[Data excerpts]
══════════

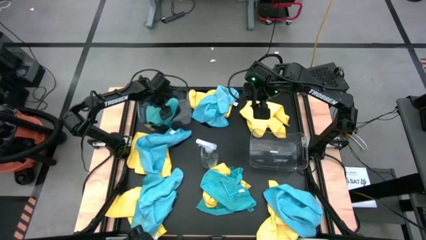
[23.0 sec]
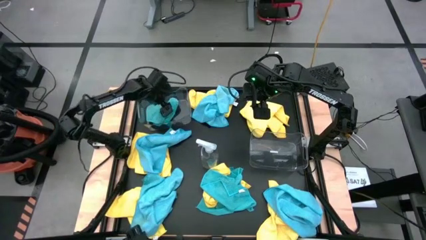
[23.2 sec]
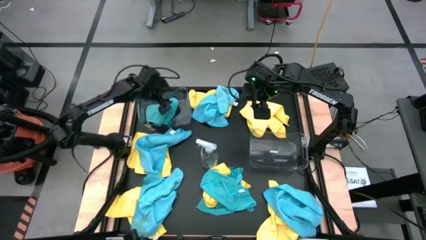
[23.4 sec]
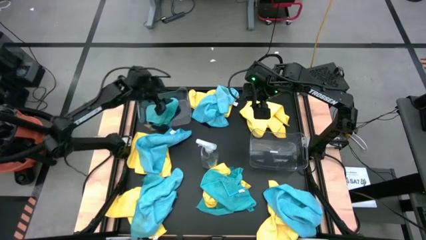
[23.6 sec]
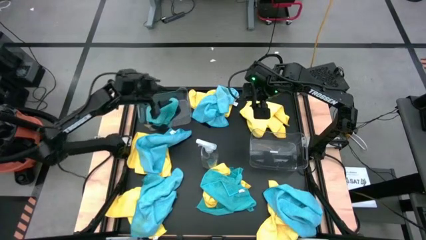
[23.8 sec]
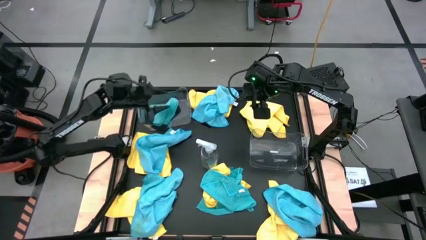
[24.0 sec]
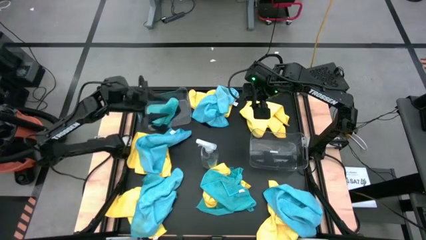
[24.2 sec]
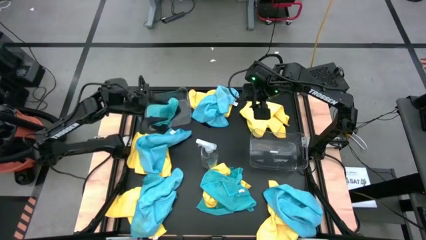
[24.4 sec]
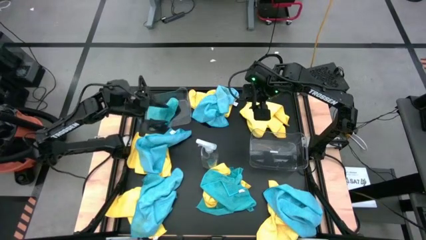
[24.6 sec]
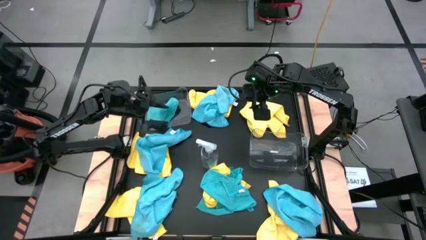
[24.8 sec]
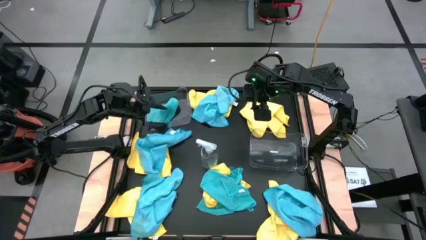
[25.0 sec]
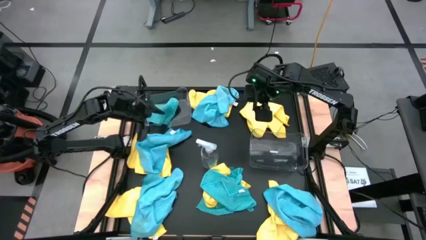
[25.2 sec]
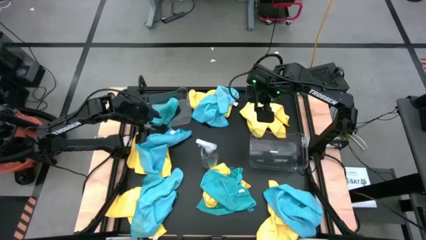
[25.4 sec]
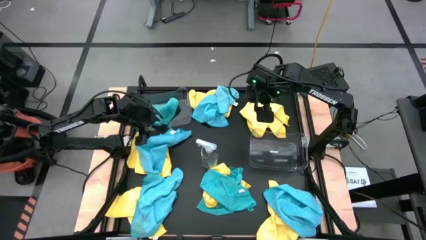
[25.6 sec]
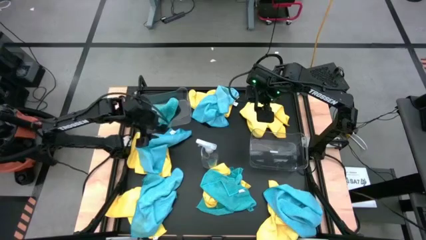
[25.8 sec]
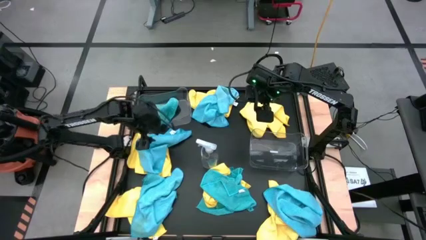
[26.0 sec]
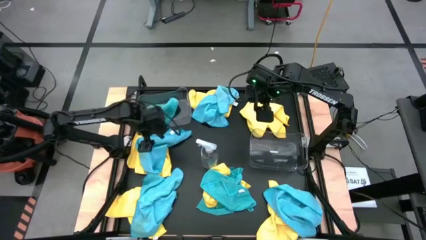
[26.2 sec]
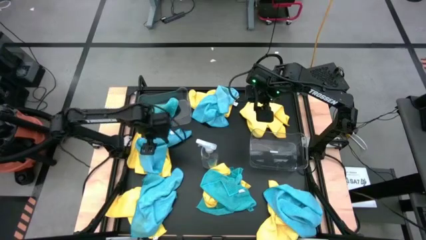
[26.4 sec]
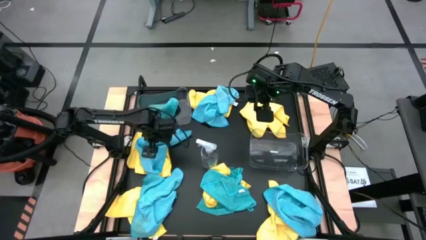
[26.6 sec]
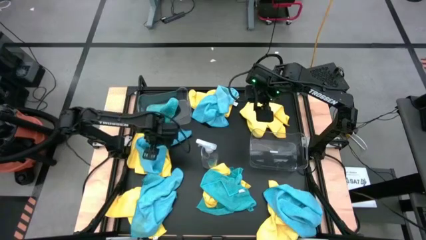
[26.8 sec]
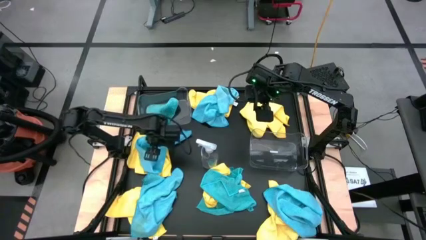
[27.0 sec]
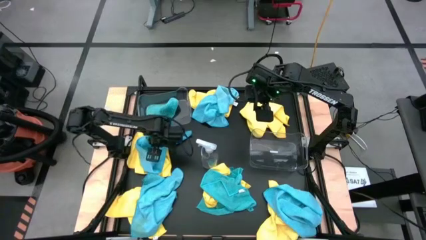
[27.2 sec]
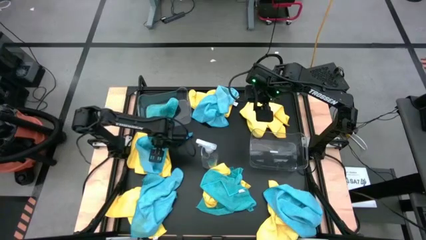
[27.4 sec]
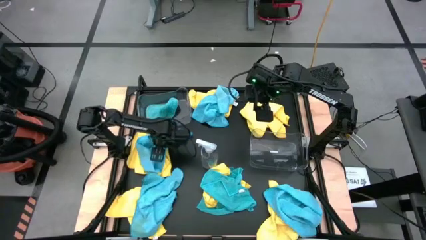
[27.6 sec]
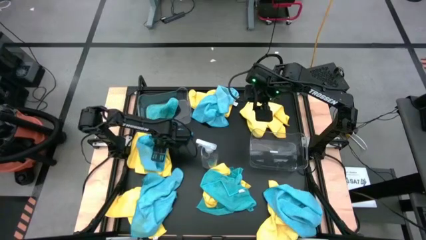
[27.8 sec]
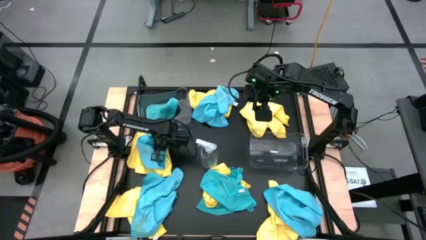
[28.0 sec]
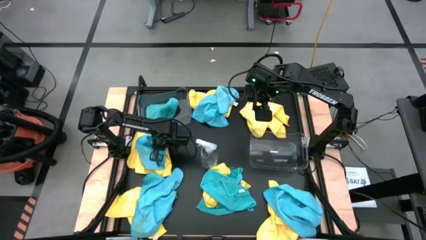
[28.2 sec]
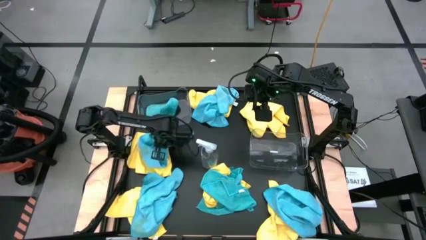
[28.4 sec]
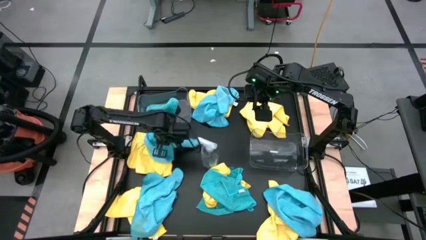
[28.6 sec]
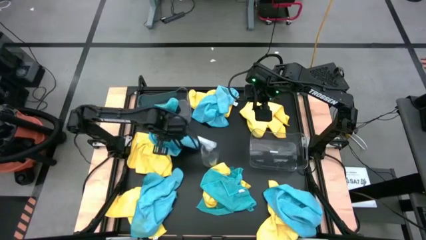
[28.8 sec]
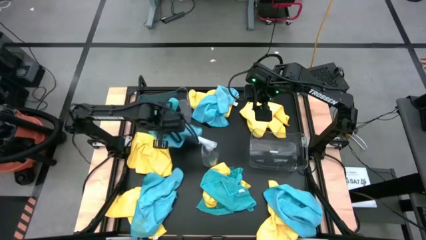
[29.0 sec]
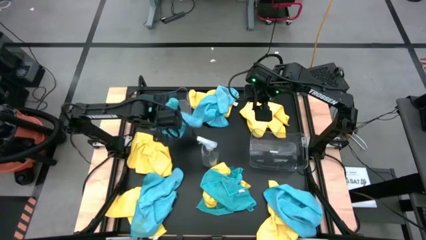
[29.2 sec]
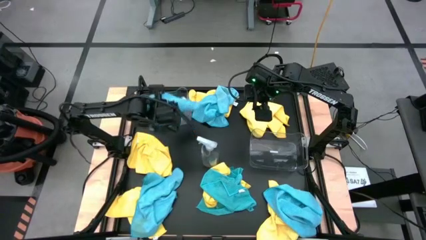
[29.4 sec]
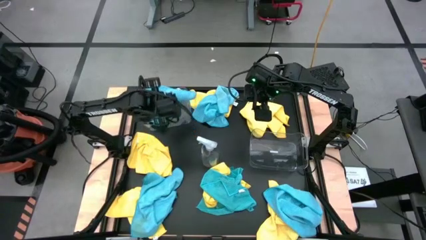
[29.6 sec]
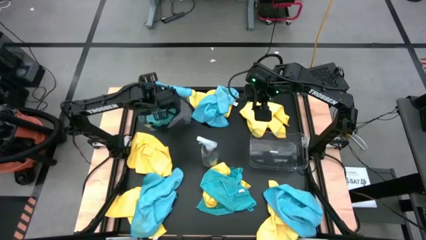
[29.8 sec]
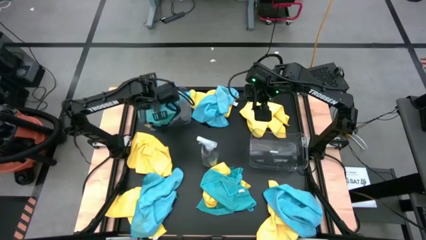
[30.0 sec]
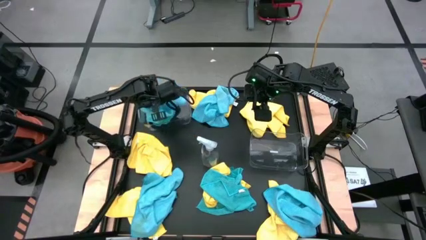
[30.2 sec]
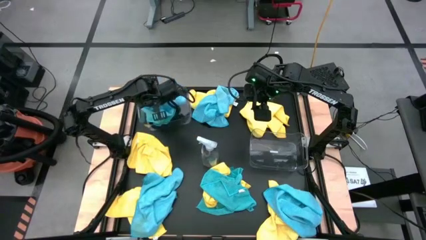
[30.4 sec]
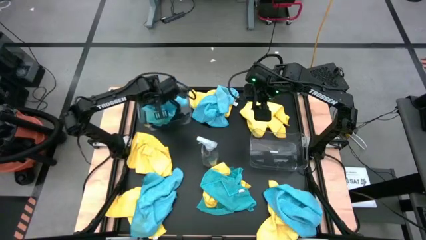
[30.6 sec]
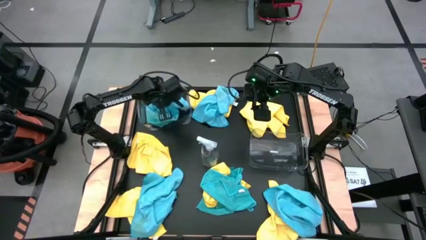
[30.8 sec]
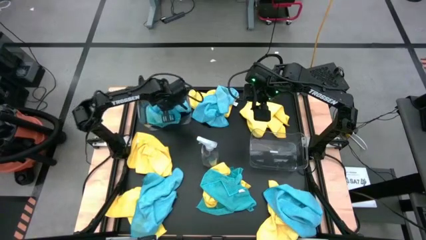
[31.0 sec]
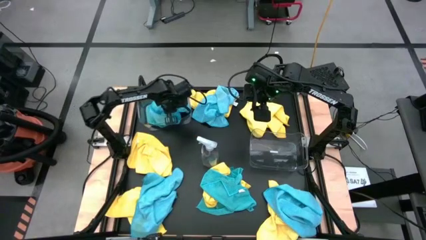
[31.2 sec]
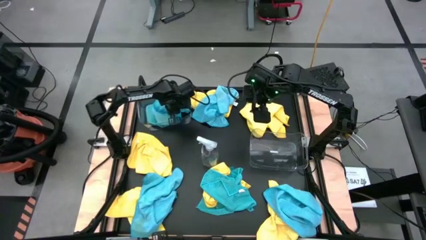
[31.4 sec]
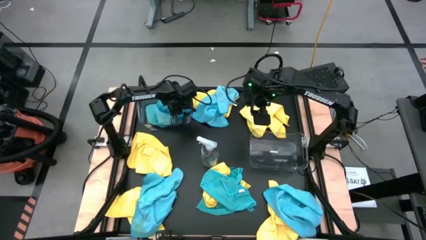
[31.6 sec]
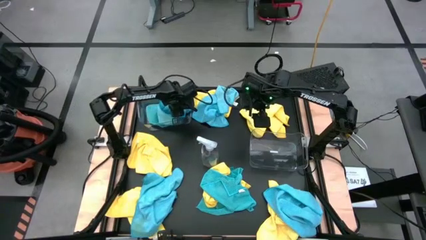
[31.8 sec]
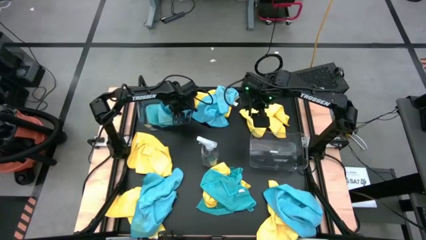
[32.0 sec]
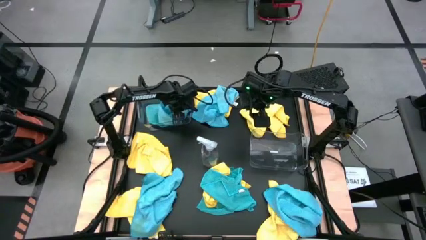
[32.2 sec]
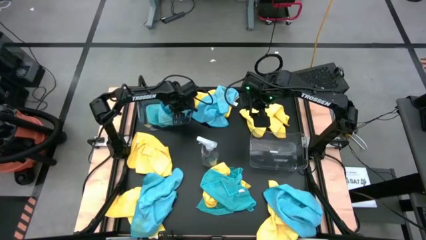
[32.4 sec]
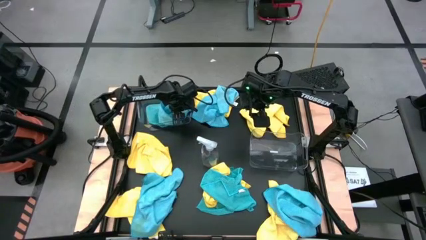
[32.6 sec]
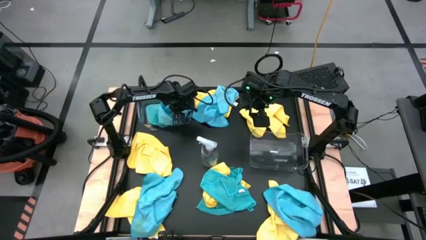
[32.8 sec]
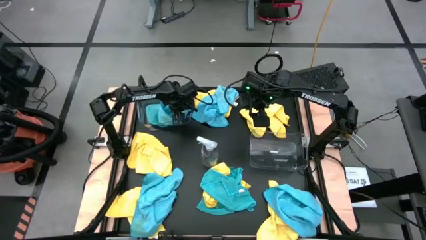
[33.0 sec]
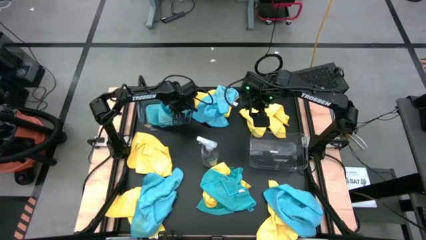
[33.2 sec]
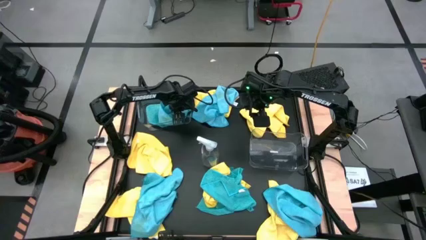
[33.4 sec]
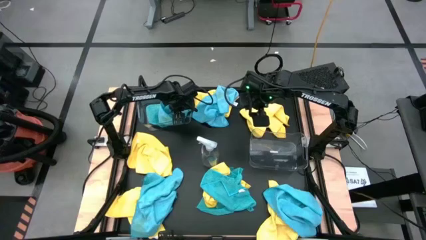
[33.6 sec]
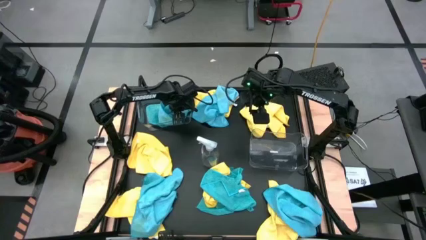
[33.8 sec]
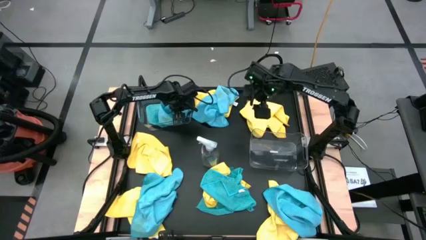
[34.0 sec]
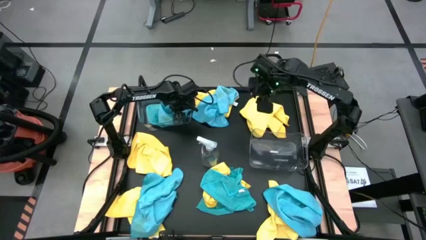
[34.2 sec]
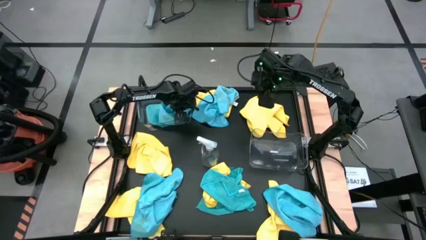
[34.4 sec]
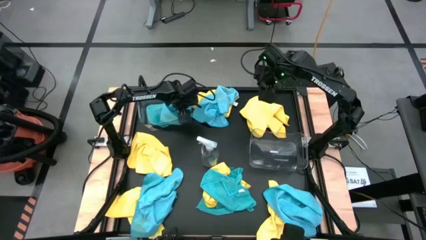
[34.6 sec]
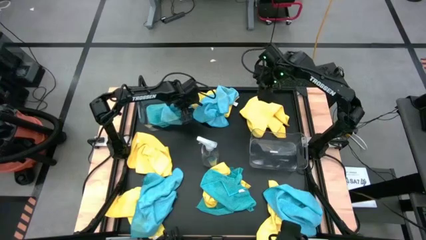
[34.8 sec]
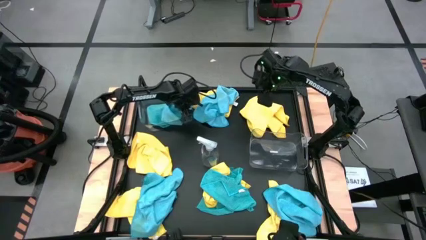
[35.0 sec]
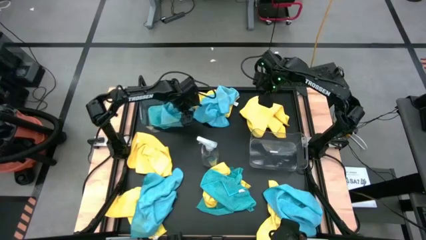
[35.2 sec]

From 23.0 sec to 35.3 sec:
Task: Sort microfiber towel by color & place in baskets
Put the blue microfiber towel into the top transparent bin

══════════

Problem description -
The answer must be an exact copy of the records above, with the pictures left out.

Your solution -
[23.0 sec]
[23.2 sec]
[23.4 sec]
[23.6 sec]
[23.8 sec]
[24.0 sec]
[24.2 sec]
[24.4 sec]
[24.6 sec]
[24.8 sec]
[25.0 sec]
[25.2 sec]
[25.4 sec]
[25.6 sec]
[25.8 sec]
[26.0 sec]
[26.2 sec]
[26.4 sec]
[26.6 sec]
[26.8 sec]
[27.0 sec]
[27.2 sec]
[27.4 sec]
[27.6 sec]
[27.8 sec]
[28.0 sec]
[28.2 sec]
[28.4 sec]
[28.6 sec]
[28.8 sec]
[29.0 sec]
[29.2 sec]
[29.4 sec]
[29.6 sec]
[29.8 sec]
[30.0 sec]
[30.2 sec]
[30.4 sec]
[30.6 sec]
[30.8 sec]
[31.0 sec]
[31.2 sec]
[31.4 sec]
[31.6 sec]
[31.8 sec]
[32.0 sec]
[32.2 sec]
[32.4 sec]
[32.6 sec]
[32.8 sec]
[33.0 sec]
[33.2 sec]
[33.4 sec]
[33.6 sec]
[33.8 sec]
[34.0 sec]
[34.2 sec]
[34.4 sec]
[34.6 sec]
[34.8 sec]
[35.0 sec]
[35.2 sec]

From 23.0 sec to 35.3 sec:
Task: Sort microfiber towel by color & place in baskets
Put the blue microfiber towel into the top transparent bin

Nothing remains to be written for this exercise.